It doesn't happen on uniprocessor because each tiobench instance gets to run
for a timeslice, during which it is able to allocate a decent number of
contiguous blocks.

ext2 has block preallocation and will intermingle in 32k units, not 4k units.
So it's still crap, only not so smelly.

Does it matter much in practice? Sometimes, not often.

It is crap? Yes.

Do I have time to do anything about it? Probably not.


2003-01-24 01:11:25

by Randy Hron

[permalink] [raw]
Subject: Re: big ext3 sequential write improvement in 2.5.51-mm1 gone in 2.5.53-mm1?

>> >lovely. These two files have perfectly intermingled blocks.

>> Writeback? or read?

> Both.

> The fileystems need fixing....

Did you add a secret sauce to 2.5.59-mm2? 10x sequential
write improvement on ext3 for multiple tiobench threads.

Quad P3 Xeon (4GB ram)
8 GB files
4K blocksize
32 threads
Rate = MB/sec
latency in milliseconds

Sequential Writes ext3
Avg Maximum Lat% Lat% CPU
Kernel Rate (CPU%) Latency Latency >2s >10s Eff
---------- ------------------------------------------------------------
2.4.20aa1 11.85 72.77% 11.814 21802.73 0.05036 0.00000 16
2.5.59 3.42 17.36% 83.976 3109518.52 0.11253 0.05088 20
2.5.59-mm2 32.39 34.28% 7.742 340597.62 0.04287 0.01765 94

Similar improvement for seq writes for 2, 4, 8, 16, 64, 128, 256 threads.

Sequential reads on ext3 with 2.5.59-mm2 improves around 3x for various
thread counts.
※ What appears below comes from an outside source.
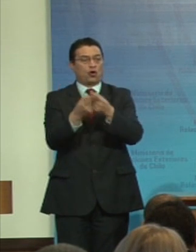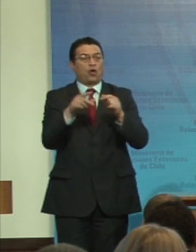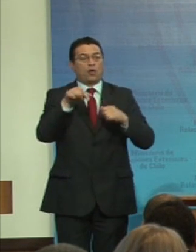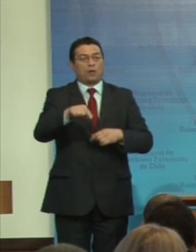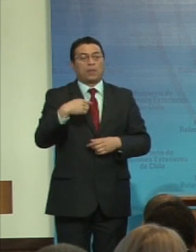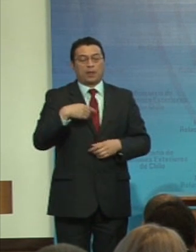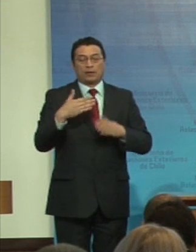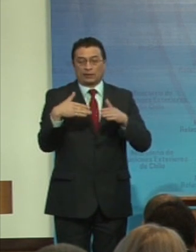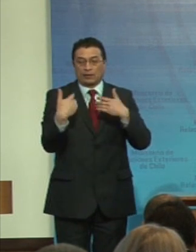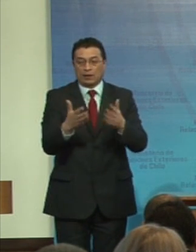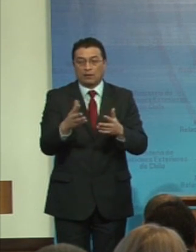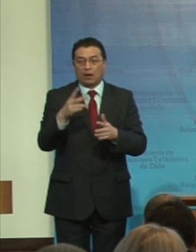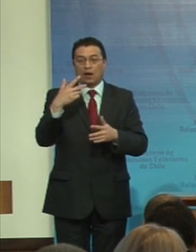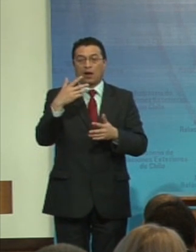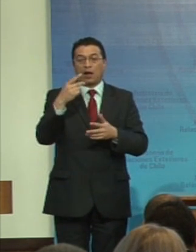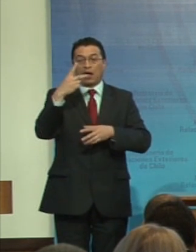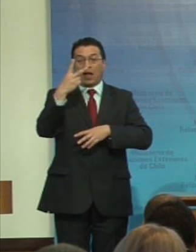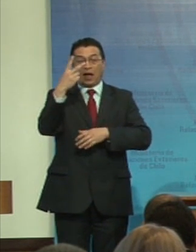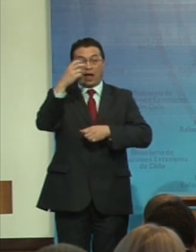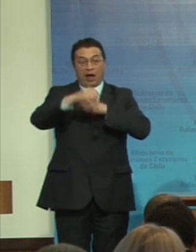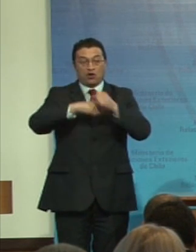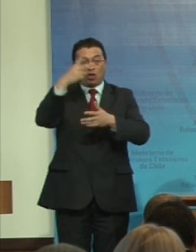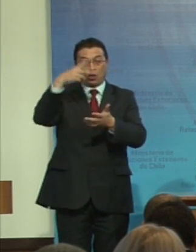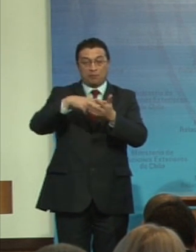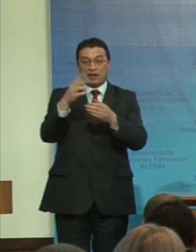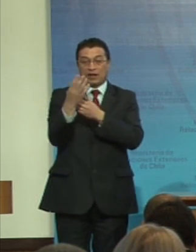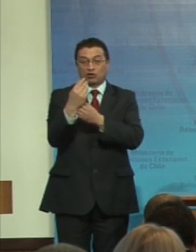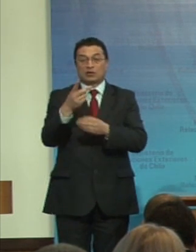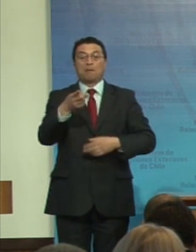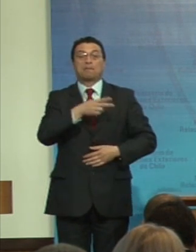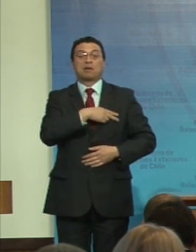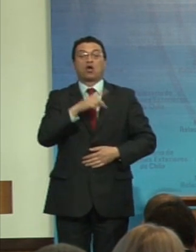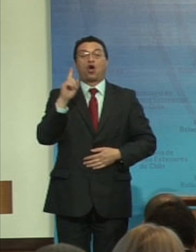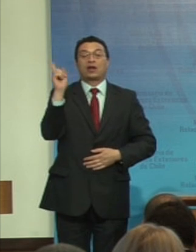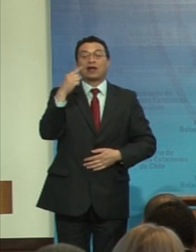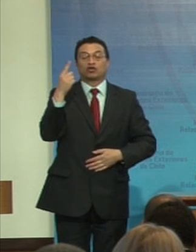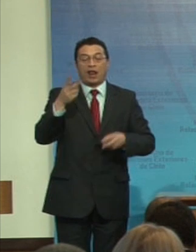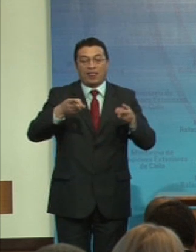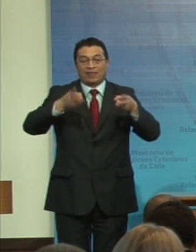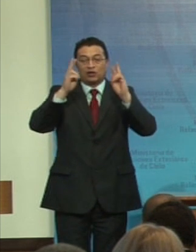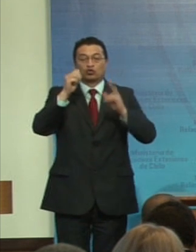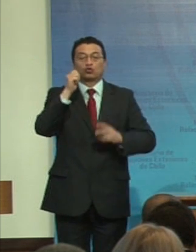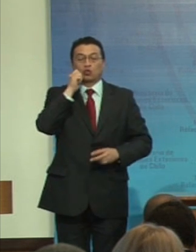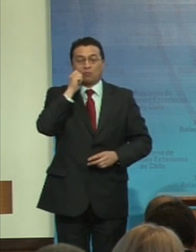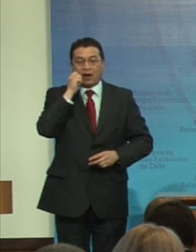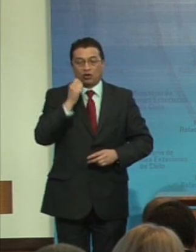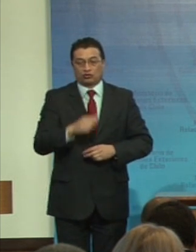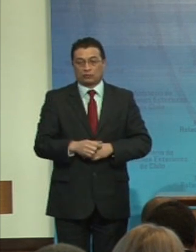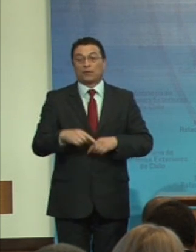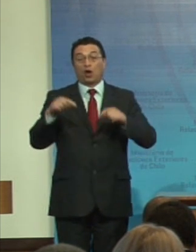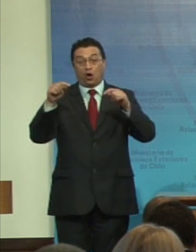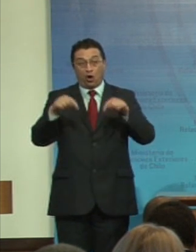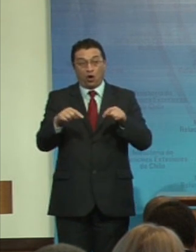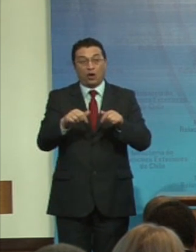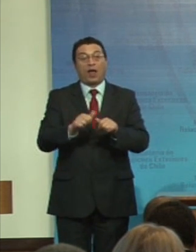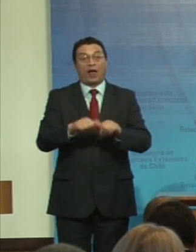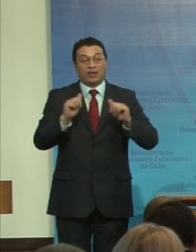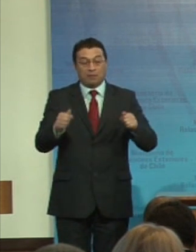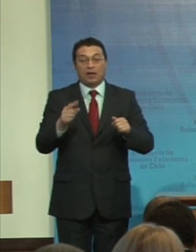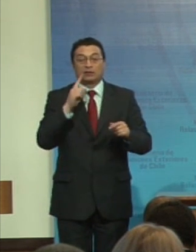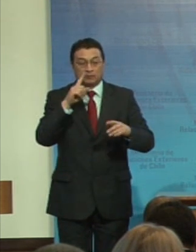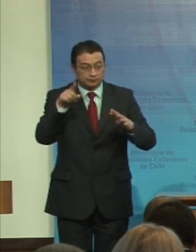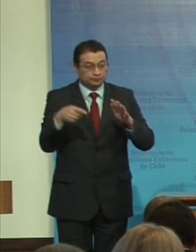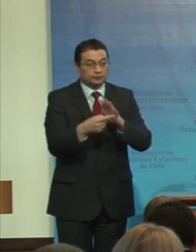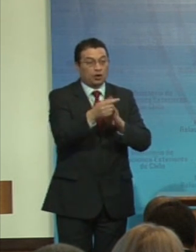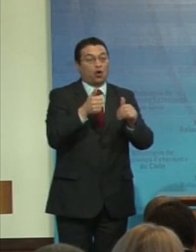recibiendo en el año 2014 el Premio Nacional de Derechos Humanos. Hoy día, además, integra

Below is 32 threads.

Sequential Reads ext3
Avg Maximum Lat% Lat% CPU
Kernel Rate (CPU%) Latency Latency >2s >10s Eff
---------- ------------------------------------------------------------
2.4.20aa1 8.24 7.21% 28.587 449134.11 0.10395 0.07086 114
2.5.59 9.50 5.50% 36.703 4310.62 0.00000 0.00000 173
2.5.59-mm2 35.28 17.69% 10.173 18950.56 0.01010 0.00000 199


--
Randy Hron
http://home.earthlink.net/~rwhron/kernel/bigbox.html

2003-01-24 02:01:17

by Andrew Morton

[permalink] [raw]
Subject: Re: big ext3 sequential write improvement in 2.5.51-mm1 gone in 2.5.53-mm1?

[email protected] wrote:
>
> Did you add a secret sauce to 2.5.59-mm2?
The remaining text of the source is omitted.